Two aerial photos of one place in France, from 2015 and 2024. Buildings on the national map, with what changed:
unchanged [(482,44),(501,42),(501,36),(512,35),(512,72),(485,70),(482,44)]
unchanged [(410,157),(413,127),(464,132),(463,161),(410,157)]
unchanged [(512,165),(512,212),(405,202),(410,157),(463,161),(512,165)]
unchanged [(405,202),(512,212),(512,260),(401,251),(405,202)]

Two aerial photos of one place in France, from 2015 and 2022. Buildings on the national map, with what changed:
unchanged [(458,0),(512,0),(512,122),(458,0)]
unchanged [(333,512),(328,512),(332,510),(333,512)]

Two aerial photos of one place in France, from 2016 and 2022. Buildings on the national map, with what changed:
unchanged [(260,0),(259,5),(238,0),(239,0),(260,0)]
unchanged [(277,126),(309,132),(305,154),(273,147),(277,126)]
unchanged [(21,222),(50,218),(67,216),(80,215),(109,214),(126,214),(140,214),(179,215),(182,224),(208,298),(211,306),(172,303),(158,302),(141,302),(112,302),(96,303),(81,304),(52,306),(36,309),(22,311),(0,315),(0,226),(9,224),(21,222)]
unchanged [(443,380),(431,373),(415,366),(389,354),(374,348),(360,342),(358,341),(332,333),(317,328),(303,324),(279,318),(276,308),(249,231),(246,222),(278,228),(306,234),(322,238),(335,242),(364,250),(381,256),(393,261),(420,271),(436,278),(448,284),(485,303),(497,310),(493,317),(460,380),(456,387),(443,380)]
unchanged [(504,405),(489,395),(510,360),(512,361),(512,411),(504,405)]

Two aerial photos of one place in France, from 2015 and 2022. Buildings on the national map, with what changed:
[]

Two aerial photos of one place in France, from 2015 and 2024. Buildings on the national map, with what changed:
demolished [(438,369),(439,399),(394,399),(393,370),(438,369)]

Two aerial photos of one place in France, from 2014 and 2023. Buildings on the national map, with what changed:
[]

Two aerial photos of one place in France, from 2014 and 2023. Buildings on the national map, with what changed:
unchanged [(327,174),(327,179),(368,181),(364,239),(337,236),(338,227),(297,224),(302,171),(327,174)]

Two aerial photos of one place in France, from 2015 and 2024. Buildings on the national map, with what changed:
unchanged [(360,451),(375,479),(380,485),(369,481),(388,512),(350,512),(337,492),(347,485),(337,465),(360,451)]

.....

_What to produce_. Word for word, restate all of the records.

_Solution to this task_.
Two aerial photos of one place in France, from 2015 and 2024. Buildings on the national map, with what changed:
unchanged [(482,44),(501,42),(501,36),(512,35),(512,72),(485,70),(482,44)]
unchanged [(410,157),(413,127),(464,132),(463,161),(410,157)]
unchanged [(512,165),(512,212),(405,202),(410,157),(463,161),(512,165)]
unchanged [(405,202),(512,212),(512,260),(401,251),(405,202)]

Two aerial photos of one place in France, from 2015 and 2022. Buildings on the national map, with what changed:
unchanged [(458,0),(512,0),(512,122),(458,0)]
unchanged [(333,512),(328,512),(332,510),(333,512)]

Two aerial photos of one place in France, from 2016 and 2022. Buildings on the national map, with what changed:
unchanged [(260,0),(259,5),(238,0),(239,0),(260,0)]
unchanged [(277,126),(309,132),(305,154),(273,147),(277,126)]
unchanged [(21,222),(50,218),(67,216),(80,215),(109,214),(126,214),(140,214),(179,215),(182,224),(208,298),(211,306),(172,303),(158,302),(141,302),(112,302),(96,303),(81,304),(52,306),(36,309),(22,311),(0,315),(0,226),(9,224),(21,222)]
unchanged [(443,380),(431,373),(415,366),(389,354),(374,348),(360,342),(358,341),(332,333),(317,328),(303,324),(279,318),(276,308),(249,231),(246,222),(278,228),(306,234),(322,238),(335,242),(364,250),(381,256),(393,261),(420,271),(436,278),(448,284),(485,303),(497,310),(493,317),(460,380),(456,387),(443,380)]
unchanged [(504,405),(489,395),(510,360),(512,361),(512,411),(504,405)]

Two aerial photos of one place in France, from 2015 and 2022. Buildings on the national map, with what changed:
[]

Two aerial photos of one place in France, from 2015 and 2024. Buildings on the national map, with what changed:
demolished [(438,369),(439,399),(394,399),(393,370),(438,369)]

Two aerial photos of one place in France, from 2014 and 2023. Buildings on the national map, with what changed:
[]

Two aerial photos of one place in France, from 2014 and 2023. Buildings on the national map, with what changed:
unchanged [(327,174),(327,179),(368,181),(364,239),(337,236),(338,227),(297,224),(302,171),(327,174)]

Two aerial photos of one place in France, from 2015 and 2024. Buildings on the national map, with what changed:
unchanged [(360,451),(375,479),(380,485),(369,481),(388,512),(350,512),(337,492),(347,485),(337,465),(360,451)]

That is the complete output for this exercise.